December 8, 2020
To Our Valued Clients and Friends:
2020 was a year of unprecedented challenges, primarily due to the rapid spread of the COVID-19 virus. The year began with retirement enhancements enacted by the SECURE Act effective January 1, 2020, primarily known for its delay in requiring minimum distributions until age 72. This legislation paled in comparison to the flurry of legislative actions made in response to the damaging financial impact of the virus. Congress passed not only the expansive CARES Act, but authorized stimulus checks to individuals and Paycheck Protection Program forgivable loans to businesses.

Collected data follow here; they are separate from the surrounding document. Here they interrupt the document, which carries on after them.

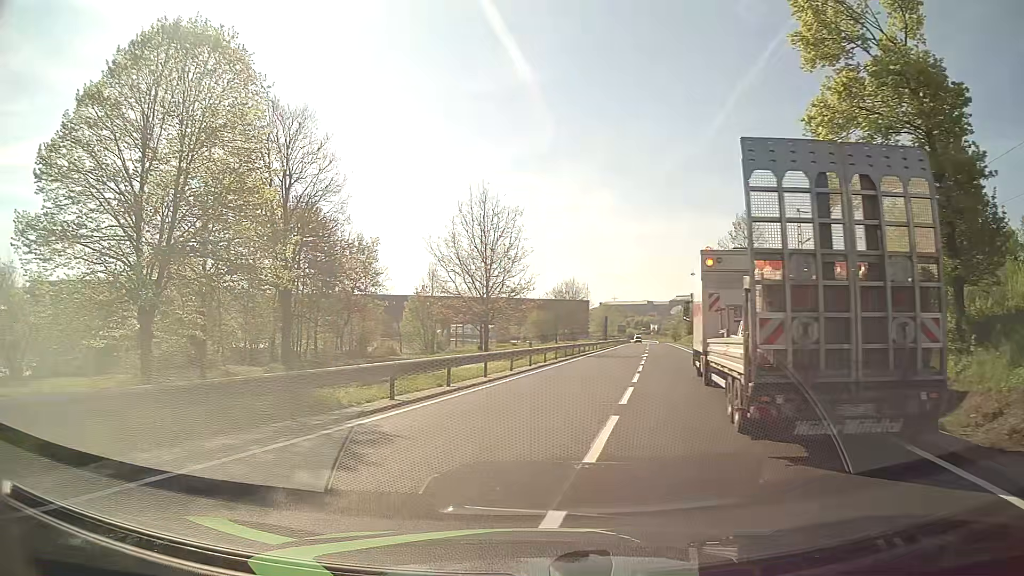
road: primary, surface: asphalt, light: Day
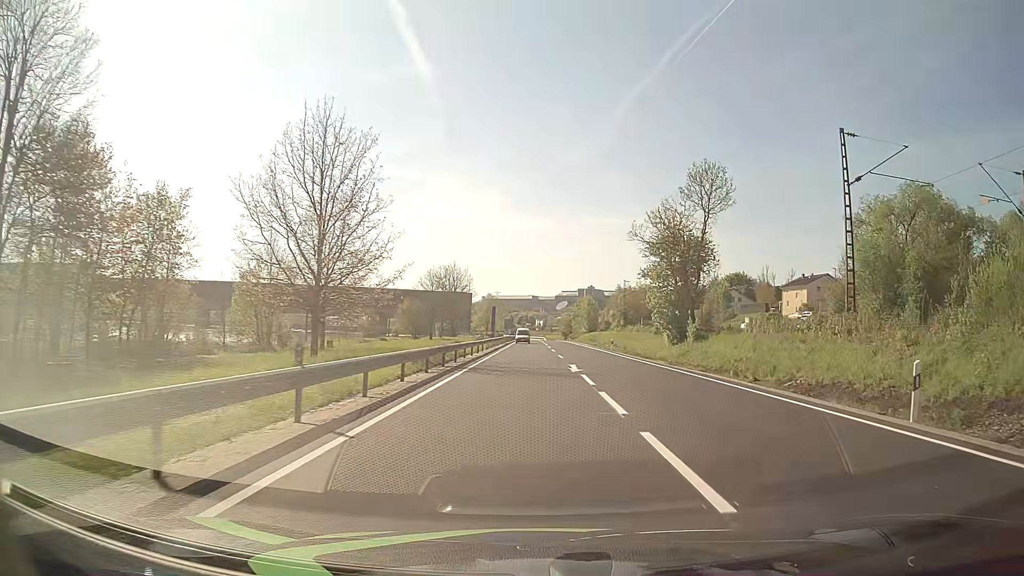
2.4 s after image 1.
(+1.7, +21.1) m; +11°
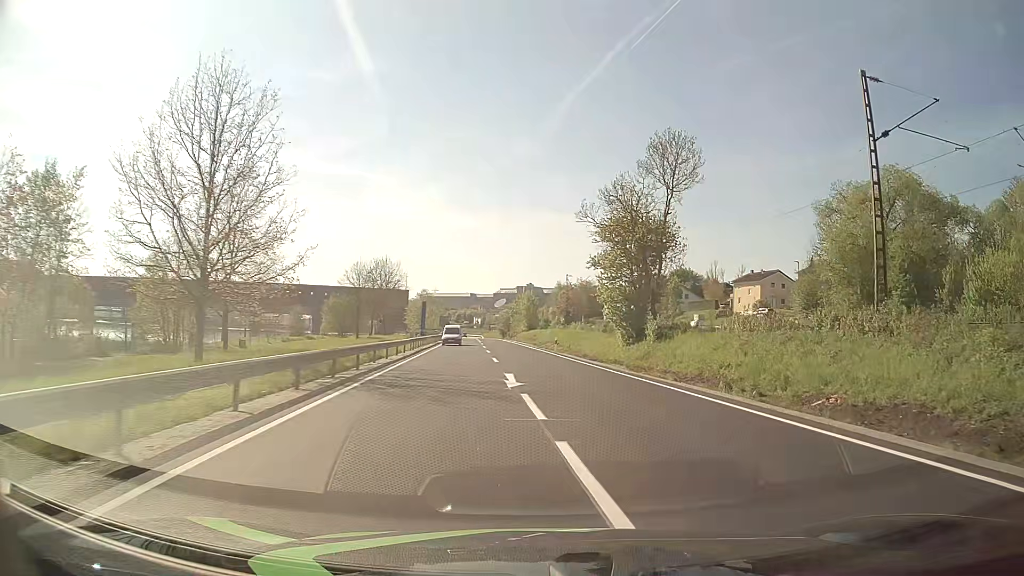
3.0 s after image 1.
(+0.3, +7.1) m; +5°
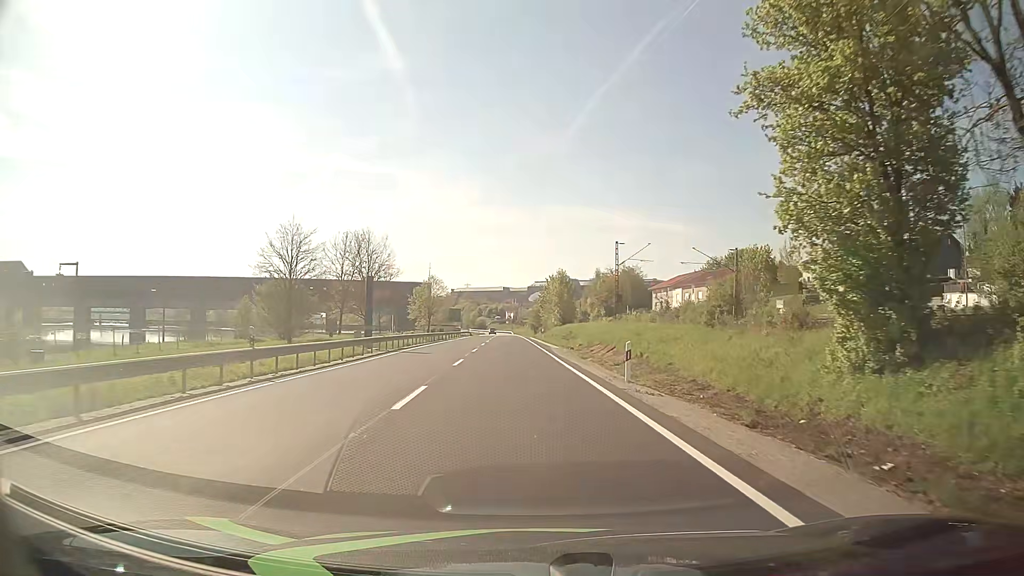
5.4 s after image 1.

Tax planning at the end of 2020 is even more important than in previous years, since so many of you have experienced a significant income decline in 2020 compared to earlier years, and are hopeful for a return to more normal operations in the future. Conventional advice has been to accelerate deductions and defer income, when it is anticipated that income will remain consistent between years and tax rates are expected to remain unchanged. This deferral of taxable income into future years is especially beneficial if it enables you to claim larger deductions, credits, and other tax breaks that are phased out over varying levels of adjusted gross income (AGI). These include deductible IRA contributions, child tax credits, higher education tax credits, and deductions for student loan interest. This conventional wisdom may not hold true for 2020 yearend planning. If you experienced a significant decline in income during 2020, but forecast a higher income in 2021, it may be advisable to do the exact opposite by accelerating income and deferring expenses.
We have compiled some actions, based on current tax rules, that may help you save tax dollars if you act before year-end. Not all actions will apply to your situation, but you (or a family member) will likely benefit from many of them. Due the expansive changes in tax law in the SECURE and CARES Acts, only some highlights will be provided in this letter.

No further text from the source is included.